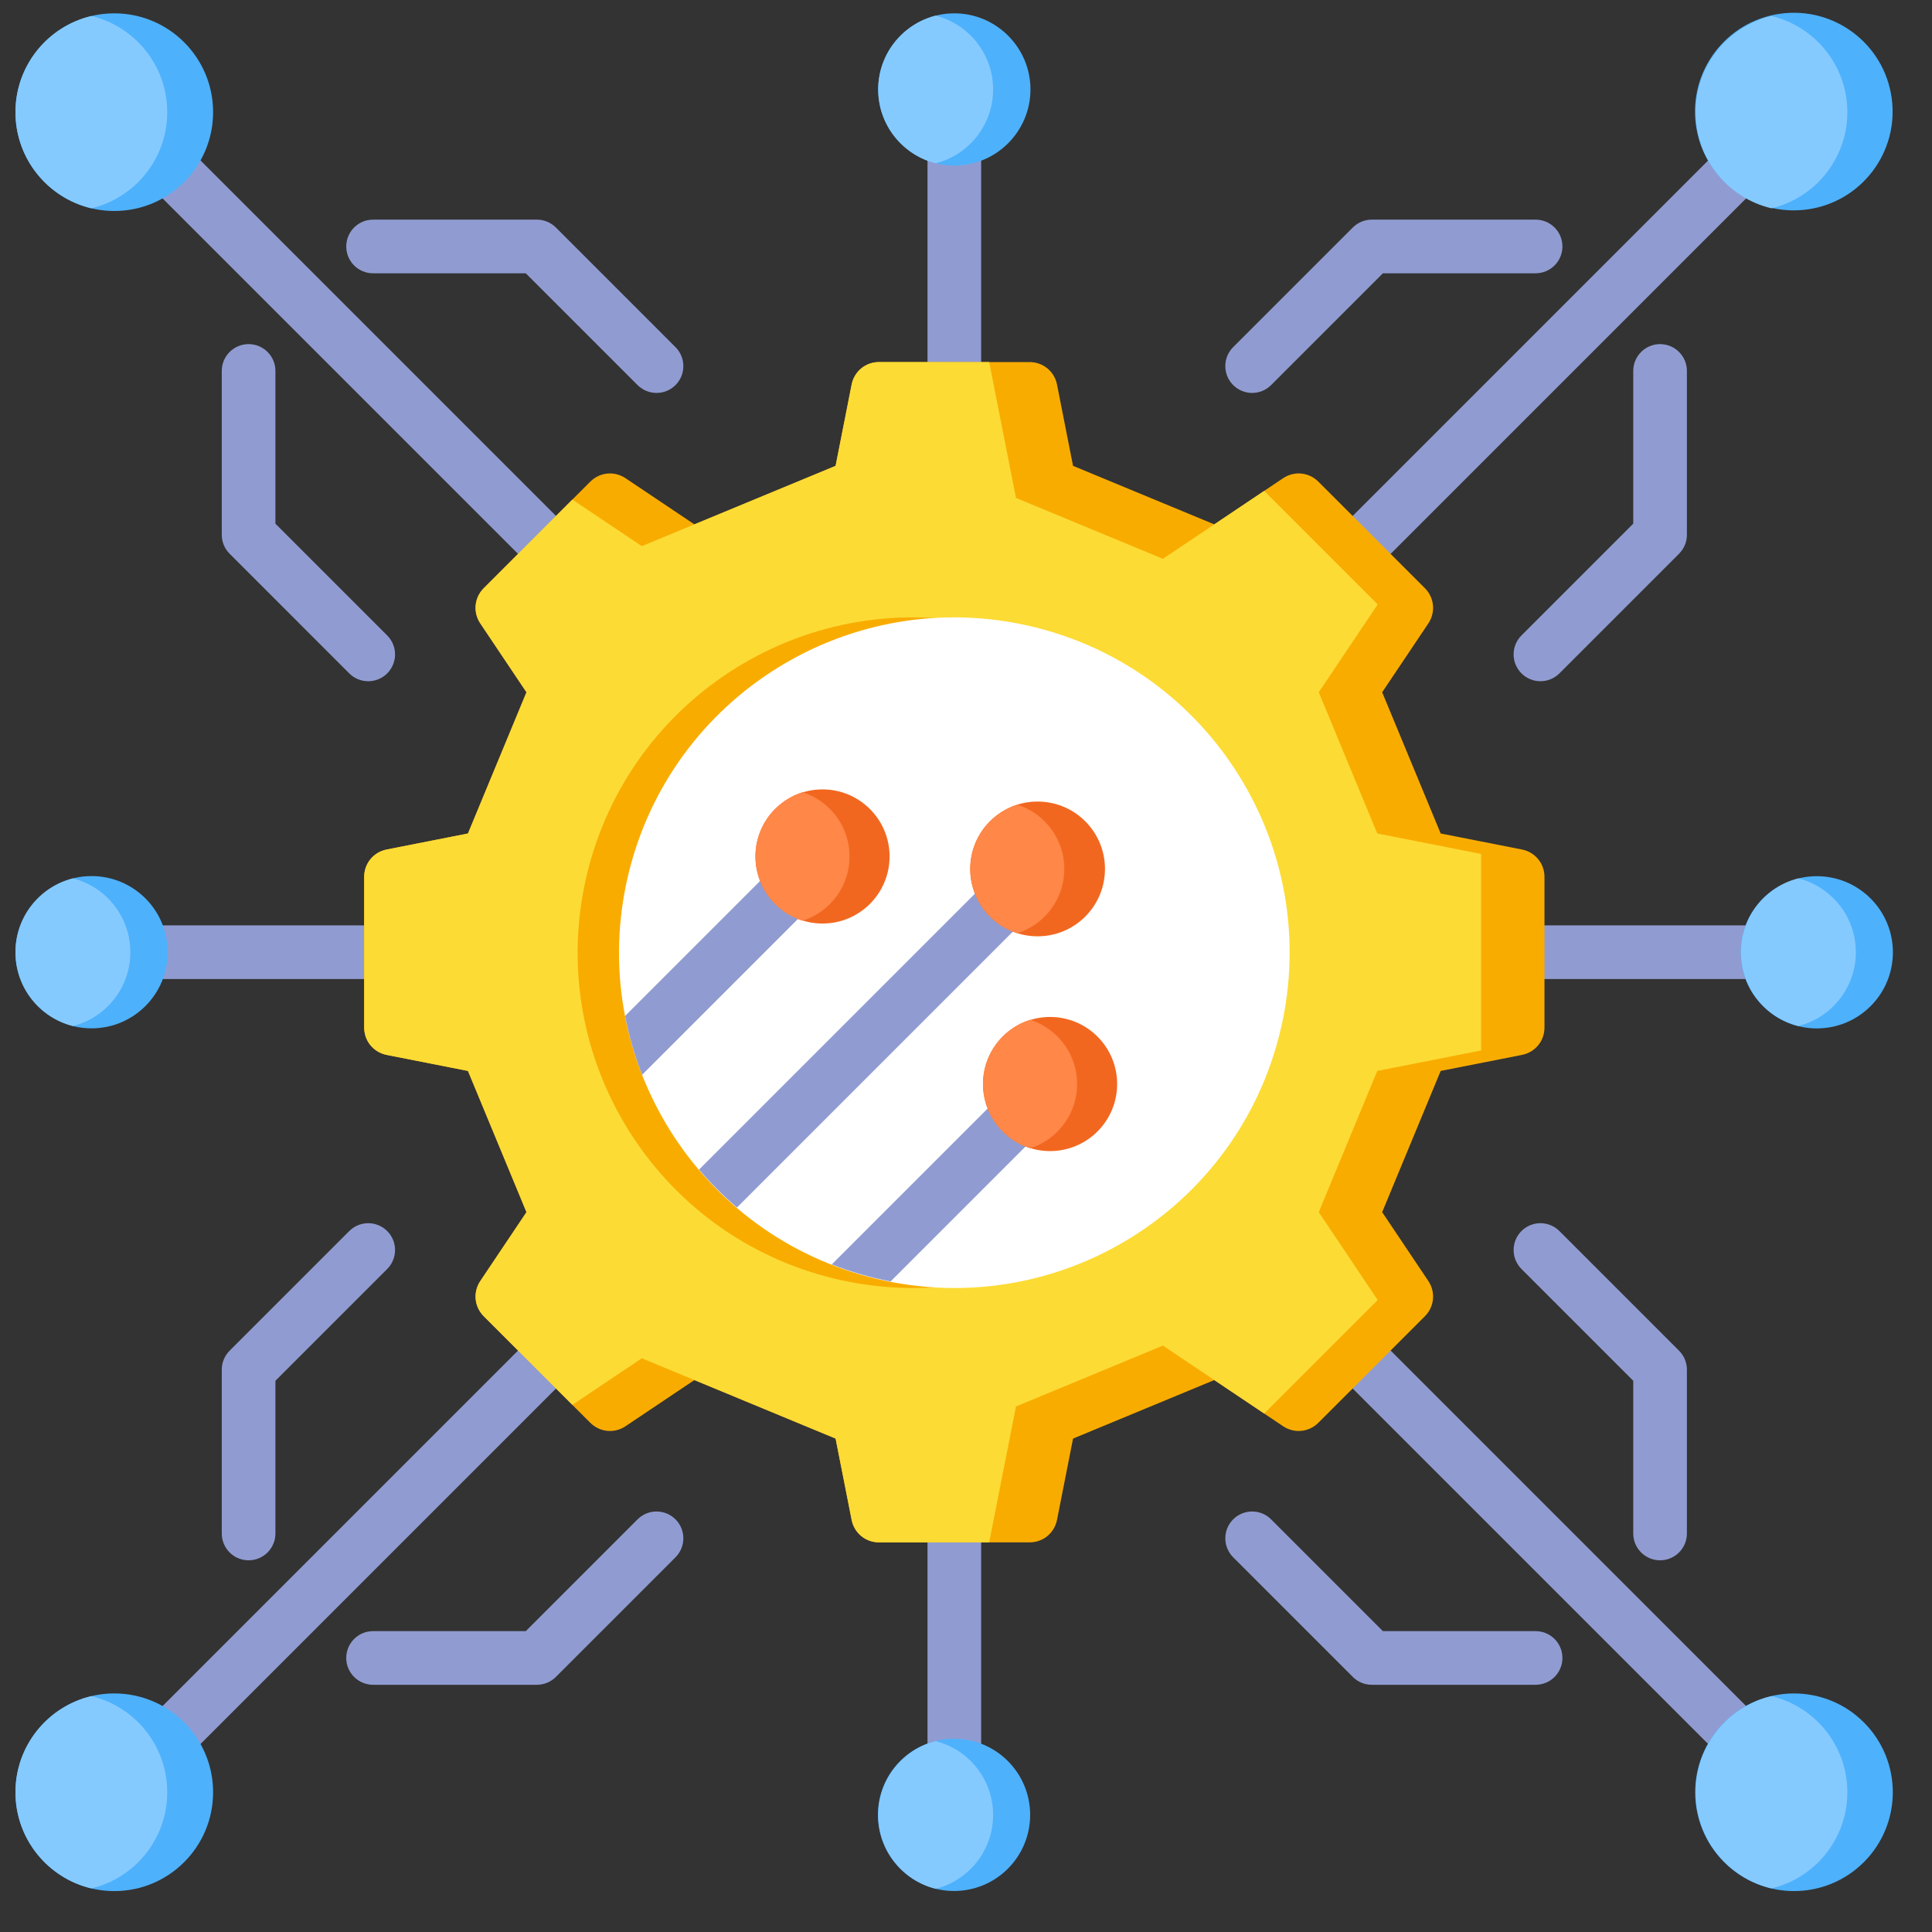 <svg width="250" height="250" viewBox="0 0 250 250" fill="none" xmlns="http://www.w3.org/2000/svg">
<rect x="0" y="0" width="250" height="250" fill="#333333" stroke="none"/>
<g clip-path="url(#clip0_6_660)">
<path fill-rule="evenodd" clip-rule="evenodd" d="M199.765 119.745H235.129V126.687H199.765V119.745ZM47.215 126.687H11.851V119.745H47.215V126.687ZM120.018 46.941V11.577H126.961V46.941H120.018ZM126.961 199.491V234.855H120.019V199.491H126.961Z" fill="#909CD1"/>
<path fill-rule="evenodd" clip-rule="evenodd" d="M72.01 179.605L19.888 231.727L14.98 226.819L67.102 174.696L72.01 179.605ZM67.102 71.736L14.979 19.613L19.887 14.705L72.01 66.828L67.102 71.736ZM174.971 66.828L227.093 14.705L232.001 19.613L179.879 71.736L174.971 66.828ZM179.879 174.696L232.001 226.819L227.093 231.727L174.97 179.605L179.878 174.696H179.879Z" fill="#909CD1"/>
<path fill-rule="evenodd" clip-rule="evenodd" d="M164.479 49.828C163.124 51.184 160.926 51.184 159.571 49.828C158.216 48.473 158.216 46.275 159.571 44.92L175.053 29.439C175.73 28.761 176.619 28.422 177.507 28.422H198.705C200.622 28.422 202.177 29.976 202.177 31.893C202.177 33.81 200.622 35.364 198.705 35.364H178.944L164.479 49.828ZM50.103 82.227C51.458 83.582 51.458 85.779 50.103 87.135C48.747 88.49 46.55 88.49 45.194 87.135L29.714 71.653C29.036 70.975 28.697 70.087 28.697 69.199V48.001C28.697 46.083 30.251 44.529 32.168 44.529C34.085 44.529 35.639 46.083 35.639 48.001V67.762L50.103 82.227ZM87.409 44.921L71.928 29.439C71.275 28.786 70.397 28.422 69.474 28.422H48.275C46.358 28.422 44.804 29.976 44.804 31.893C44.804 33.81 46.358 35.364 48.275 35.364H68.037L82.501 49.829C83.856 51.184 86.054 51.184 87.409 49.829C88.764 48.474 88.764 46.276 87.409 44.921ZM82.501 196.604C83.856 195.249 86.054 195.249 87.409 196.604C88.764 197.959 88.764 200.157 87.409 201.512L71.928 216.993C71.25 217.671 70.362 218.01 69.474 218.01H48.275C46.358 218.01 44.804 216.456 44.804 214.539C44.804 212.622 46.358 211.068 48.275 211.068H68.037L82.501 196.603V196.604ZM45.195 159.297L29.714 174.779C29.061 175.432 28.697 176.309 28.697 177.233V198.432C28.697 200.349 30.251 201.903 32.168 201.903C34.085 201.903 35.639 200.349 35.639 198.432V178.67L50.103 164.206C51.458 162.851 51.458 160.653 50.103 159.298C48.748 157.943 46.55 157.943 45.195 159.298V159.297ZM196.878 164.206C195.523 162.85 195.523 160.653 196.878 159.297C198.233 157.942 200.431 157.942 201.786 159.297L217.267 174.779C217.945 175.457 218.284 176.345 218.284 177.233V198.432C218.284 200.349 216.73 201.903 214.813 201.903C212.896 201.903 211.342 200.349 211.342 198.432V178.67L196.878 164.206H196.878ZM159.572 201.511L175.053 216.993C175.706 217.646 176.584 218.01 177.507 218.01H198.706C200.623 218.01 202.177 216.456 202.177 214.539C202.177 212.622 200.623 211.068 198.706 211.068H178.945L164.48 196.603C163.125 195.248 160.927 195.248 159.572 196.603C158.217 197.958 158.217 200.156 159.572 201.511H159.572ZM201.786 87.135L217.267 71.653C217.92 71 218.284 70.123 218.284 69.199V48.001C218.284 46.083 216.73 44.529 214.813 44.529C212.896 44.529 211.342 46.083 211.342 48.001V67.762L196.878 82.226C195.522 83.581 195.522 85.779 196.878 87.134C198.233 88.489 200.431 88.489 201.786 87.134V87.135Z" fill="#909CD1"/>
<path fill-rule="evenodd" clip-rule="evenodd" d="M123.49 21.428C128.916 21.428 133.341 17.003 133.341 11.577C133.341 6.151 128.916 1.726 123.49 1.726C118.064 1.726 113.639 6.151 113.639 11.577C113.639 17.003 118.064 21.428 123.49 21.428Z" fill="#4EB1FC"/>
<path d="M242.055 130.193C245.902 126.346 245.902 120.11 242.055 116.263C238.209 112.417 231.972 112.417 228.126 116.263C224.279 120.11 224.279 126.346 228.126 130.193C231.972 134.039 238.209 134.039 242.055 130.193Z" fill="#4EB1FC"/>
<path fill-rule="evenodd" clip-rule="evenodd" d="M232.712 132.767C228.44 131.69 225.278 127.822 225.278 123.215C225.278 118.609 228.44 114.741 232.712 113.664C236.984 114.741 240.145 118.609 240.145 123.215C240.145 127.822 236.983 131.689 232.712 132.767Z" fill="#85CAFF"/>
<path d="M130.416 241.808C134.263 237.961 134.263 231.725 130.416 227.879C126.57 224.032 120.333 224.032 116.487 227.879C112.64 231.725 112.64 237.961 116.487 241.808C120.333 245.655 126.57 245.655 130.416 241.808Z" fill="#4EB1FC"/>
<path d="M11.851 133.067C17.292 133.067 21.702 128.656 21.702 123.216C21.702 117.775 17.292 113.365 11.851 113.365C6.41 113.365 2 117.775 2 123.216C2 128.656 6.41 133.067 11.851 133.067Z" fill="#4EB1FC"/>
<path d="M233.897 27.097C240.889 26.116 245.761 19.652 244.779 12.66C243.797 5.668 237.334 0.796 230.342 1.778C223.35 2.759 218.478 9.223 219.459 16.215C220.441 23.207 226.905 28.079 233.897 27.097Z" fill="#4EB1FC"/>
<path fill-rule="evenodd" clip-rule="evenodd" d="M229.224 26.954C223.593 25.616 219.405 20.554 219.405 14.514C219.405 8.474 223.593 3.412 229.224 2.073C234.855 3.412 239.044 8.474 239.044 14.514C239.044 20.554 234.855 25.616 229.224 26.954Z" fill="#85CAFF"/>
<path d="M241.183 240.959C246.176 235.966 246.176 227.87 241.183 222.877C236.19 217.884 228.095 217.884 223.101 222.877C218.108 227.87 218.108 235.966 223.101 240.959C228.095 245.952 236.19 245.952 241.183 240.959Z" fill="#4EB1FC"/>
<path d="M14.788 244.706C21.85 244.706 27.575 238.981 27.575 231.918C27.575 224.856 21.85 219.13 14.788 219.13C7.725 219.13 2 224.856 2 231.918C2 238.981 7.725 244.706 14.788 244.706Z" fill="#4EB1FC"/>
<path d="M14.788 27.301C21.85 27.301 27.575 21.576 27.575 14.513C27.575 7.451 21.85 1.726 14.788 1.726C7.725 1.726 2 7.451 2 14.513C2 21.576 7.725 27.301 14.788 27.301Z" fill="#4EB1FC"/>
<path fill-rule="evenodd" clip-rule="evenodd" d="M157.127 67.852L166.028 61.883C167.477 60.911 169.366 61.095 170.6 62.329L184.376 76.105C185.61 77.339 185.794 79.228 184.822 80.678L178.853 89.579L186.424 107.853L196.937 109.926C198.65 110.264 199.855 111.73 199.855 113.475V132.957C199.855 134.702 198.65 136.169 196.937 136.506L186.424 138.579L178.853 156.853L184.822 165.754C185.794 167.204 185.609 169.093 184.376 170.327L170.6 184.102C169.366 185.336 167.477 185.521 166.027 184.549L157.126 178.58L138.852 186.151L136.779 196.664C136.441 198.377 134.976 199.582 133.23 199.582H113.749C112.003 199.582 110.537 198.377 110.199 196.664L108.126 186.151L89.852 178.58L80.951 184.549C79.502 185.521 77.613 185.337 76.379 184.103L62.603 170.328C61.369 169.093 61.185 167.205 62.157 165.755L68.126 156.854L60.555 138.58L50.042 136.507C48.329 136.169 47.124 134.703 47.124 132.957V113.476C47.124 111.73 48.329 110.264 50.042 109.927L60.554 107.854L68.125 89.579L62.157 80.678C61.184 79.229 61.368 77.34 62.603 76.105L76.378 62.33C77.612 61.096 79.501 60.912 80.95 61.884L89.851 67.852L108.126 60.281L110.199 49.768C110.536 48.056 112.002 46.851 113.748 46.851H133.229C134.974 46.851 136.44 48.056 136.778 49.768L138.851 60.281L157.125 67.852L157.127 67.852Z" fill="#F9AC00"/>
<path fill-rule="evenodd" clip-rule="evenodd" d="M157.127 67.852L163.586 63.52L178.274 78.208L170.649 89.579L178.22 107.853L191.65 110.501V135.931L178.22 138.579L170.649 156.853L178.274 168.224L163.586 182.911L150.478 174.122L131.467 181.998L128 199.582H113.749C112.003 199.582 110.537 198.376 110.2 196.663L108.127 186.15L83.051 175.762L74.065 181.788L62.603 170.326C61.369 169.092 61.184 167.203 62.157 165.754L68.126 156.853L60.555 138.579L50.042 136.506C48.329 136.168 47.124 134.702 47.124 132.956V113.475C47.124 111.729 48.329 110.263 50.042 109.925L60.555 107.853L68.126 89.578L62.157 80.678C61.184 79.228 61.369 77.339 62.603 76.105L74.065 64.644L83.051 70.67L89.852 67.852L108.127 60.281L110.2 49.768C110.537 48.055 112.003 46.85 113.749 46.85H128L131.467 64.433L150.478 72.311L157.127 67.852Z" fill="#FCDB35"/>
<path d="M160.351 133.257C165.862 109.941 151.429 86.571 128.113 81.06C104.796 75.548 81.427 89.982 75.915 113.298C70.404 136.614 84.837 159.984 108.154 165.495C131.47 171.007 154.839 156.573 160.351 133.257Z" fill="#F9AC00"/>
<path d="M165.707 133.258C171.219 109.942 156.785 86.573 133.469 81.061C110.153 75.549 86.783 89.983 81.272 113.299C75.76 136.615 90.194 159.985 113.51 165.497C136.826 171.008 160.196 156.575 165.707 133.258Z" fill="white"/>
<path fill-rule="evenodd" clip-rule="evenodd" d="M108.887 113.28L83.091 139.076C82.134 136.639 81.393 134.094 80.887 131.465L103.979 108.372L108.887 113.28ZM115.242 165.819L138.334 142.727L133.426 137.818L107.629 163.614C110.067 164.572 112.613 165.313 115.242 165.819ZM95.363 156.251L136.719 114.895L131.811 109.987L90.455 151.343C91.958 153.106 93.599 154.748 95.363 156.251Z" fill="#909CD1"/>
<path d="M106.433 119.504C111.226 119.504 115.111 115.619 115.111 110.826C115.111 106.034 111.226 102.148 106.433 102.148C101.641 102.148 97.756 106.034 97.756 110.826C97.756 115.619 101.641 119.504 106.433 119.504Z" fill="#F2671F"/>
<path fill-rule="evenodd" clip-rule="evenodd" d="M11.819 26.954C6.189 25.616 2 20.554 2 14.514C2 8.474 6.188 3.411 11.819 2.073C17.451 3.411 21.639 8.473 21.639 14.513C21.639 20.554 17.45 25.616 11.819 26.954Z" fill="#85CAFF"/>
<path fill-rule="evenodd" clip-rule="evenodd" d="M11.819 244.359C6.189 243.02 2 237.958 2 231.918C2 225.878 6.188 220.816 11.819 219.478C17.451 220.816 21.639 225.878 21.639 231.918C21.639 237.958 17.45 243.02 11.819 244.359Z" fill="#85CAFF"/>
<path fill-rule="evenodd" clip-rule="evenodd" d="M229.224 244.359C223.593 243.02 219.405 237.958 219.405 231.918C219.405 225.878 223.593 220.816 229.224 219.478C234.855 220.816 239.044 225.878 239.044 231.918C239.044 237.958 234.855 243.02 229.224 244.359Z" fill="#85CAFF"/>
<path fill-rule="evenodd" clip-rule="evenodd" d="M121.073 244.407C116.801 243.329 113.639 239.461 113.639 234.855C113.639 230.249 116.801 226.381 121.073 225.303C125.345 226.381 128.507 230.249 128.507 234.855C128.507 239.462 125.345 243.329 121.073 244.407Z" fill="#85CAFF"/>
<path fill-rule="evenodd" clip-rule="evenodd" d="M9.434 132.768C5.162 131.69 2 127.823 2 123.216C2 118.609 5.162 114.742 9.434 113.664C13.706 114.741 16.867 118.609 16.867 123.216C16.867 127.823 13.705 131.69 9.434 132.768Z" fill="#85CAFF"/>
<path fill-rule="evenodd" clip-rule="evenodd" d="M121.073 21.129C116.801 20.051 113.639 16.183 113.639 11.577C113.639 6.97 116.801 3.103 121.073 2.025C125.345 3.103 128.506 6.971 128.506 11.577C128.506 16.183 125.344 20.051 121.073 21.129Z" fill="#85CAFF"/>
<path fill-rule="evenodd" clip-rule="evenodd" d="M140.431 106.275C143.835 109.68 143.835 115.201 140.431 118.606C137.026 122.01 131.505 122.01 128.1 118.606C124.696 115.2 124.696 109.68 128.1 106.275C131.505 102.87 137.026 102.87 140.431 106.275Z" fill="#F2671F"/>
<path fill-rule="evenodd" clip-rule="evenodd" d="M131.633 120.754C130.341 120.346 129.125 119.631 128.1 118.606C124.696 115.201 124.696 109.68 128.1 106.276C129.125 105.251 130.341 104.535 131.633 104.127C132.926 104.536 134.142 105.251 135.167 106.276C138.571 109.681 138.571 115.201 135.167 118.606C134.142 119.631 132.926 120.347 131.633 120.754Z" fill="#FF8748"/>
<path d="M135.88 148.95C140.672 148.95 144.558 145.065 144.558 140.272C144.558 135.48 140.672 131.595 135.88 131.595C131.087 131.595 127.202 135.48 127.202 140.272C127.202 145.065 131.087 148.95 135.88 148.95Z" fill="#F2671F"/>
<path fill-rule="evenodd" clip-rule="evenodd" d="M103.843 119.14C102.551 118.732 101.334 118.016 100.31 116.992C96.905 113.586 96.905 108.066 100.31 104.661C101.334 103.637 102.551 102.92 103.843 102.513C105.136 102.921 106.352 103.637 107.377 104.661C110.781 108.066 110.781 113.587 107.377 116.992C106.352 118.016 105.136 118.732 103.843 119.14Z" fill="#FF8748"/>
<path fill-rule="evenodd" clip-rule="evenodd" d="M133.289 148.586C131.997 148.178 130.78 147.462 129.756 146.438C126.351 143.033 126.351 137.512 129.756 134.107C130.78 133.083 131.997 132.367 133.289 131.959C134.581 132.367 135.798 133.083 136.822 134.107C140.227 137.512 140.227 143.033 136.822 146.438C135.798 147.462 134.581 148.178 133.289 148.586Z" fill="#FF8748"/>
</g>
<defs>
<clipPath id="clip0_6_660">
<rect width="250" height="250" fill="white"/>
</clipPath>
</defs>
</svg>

TO DO: Copy every line of the entries in which "rect" can be found.

WRITTEN ANSWER:
<rect x="0" y="0" width="250" height="250" fill="#333333" stroke="none"/>
<rect width="250" height="250" fill="white"/>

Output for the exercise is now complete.